Exercise goal
Up to and including the line that holds "86. The plan", copy every line of the records below exactly, starting at the first; leave pictures out.

Provided records

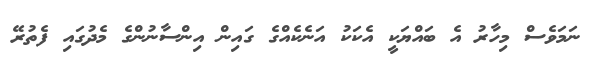
ނަމަވެސް މިހާރު އެ ބައްޔަކީ އެކަކު އަނެކެއްގެ ގައިން އިންސާނުންގެ މެދުގައި ފެތުރޭ
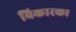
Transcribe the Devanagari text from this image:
विकारका
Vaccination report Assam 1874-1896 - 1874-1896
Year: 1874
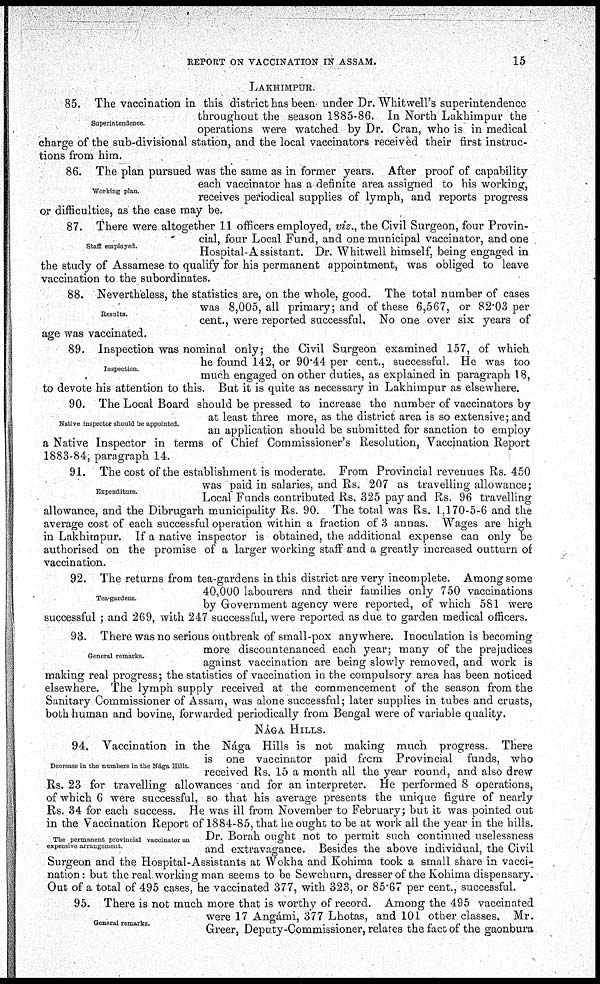
REPORT ON VACCINATION IN ASSAM.
15
LAKHIMPUR.
Superintendence.
85. The vaccination in this district has been under Dr. Whitwell's superintendence
throughout the season 1885-86. In North Lakhimpur the
operations were watched by Dr. Cran, who is in medical
charge of the sub-divisional station, and the local vaccinators received their first instruc-
tions from him.
Working plan.
86. The plan pursued was the same as in former years. After proof of capability
each vaccinator has a definite area assigned to his working,
receives periodical supplies of lymph, and reports progress
or difficulties, as the case may be.
Staff employed.
87. There were altogether 11 officers employed, viz., the Civil Surgeon, four Provin-
cial, four Local Fund, and one municipal vaccinator, and one
Hospital-Assistant. Dr. Whitwell himself, being engaged in
the study of Assamese to qualify for his permanent appointment, was obliged to leave
vaccination to the subordinates.
Results.
88. Nevertheless, the statistics are, on the whole, good. The total number of cases
was 8,005, all primary; and of these 6,567, or 82.03 per
cent., were reported successful. No one over six years of
age was vaccinated.
Inspection.
89. Inspection was nominal only; the Civil Surgeon examined 157, of which
he found 142, or 90.44 per cent., successful. He was too
much engaged on other duties, as explained in paragraph 18,
to devote his attention to this. But it is quite as necessary in Lakhimpur as elsewhere.
Native inspector should be appointed.
90. The Local Board should be pressed to increase the number of vaccinators by
at least three more, as the district area is so extensive; and
an application should be submitted for sanction to employ
a Native Inspector in terms of Chief Commissioner's Resolution, Vaccination Report
1883-84, paragraph 14.
Expenditure.
91. The cost of the establishment is moderate. From Provincial revenues Rs. 450
was paid in salaries, and Rs. 207 as travelling allowance;
Local Funds contributed Rs. 325 pay and Rs. 96 travelling
allowance, and the Dibrugarh municipality Rs. 90. The total was Rs. 1,170-5-6 and the
average cost of each successful operation within a fraction of 3 annas. Wages are high
in Lakhimpur. If a native inspector is obtained, the additional expense can only be
authorised on the promise of a larger working staff and a greatly increased outturn of
vaccination.
Tea-gardens
92. The returns from tea-gardens in this district are very incomplete. Among some
40,000 labourers and their families only 750 vaccinations
by Government agency were reported, of which 581 were
successful ; and 269, with 247 successful, were reported as due to garden medical officers.
General remarks.
93. There was no serious outbreak of small-pox anywhere. Inoculation is becoming
more discountenanced each year; many of the prejudices
against vaccination are being slowly removed, and work is
making real progress; the statistics of vaccination in the compulsory area has been noticed
elsewhere. The lymph supply received at the commencement of the season from the
Sanitary Commissioner of Assam, was alone successful; later supplies in tubes and crusts,
both human and bovine, forwarded periodically from Bengal were of variable quality.
NÁGA HILLS.
Decrease in the numbers in the Nága Hills.
The permanent provincial vaccinator an
expensive arrangement.
94. Vaccination in the Nága Hills is not making much progress. There
is one vaccinator paid from Provincial funds, who
received Rs. 15 a month all the year round, and also drew
Rs. 23 for travelling allowances and for an interpreter. He performed 8 operations,
of which 6 were successful, so that his average presents the unique figure of nearly
Rs. 34 for each success. He was ill from November to February; but it was pointed out
in the Vaccination Report of 1884-85, that he ought to be at work all the year in the hills.
Dr. Borah ought not to permit such continued uselessness
and extravagance. Besides the above individual, the Civil
Surgeon and the Hospital-Assistants at Wokha and Kohima took a small share in vacci-
nation : but the real working man seems to be Sewchurn, dresser of the Kohima dispensary.
Out of a total of 495 cases, he vaccinated 377, with 323, or 85.67 per cent., successful.
General remarks.
95. There is not much more that is worthy of record. Among the 495 vaccinated
were 17 Angámi, 377 Lhotas, and 101 other classes. Mr.
Greer, Deputy-Commissioner, relates the fact of the gaonbura
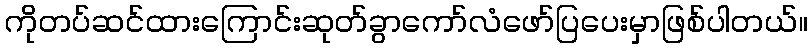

Result of this task
ނަމަވެސް މިހާރު އެ ބައްޔަކީ އެކަކު އަނެކެއްގެ ގައިން އިންސާނުންގެ މެދުގައި ފެތުރޭ
Transcribe the Devanagari text from this image:
विकारका
Vaccination report Assam 1874-1896 - 1874-1896
Year: 1874
REPORT ON VACCINATION IN ASSAM.
15
LAKHIMPUR.
Superintendence.
85. The vaccination in this district has been under Dr. Whitwell's superintendence
throughout the season 1885-86. In North Lakhimpur the
operations were watched by Dr. Cran, who is in medical
charge of the sub-divisional station, and the local vaccinators received their first instruc-
tions from him.
Working plan.
86. The plan pursued was the same as in former years. After proof of capability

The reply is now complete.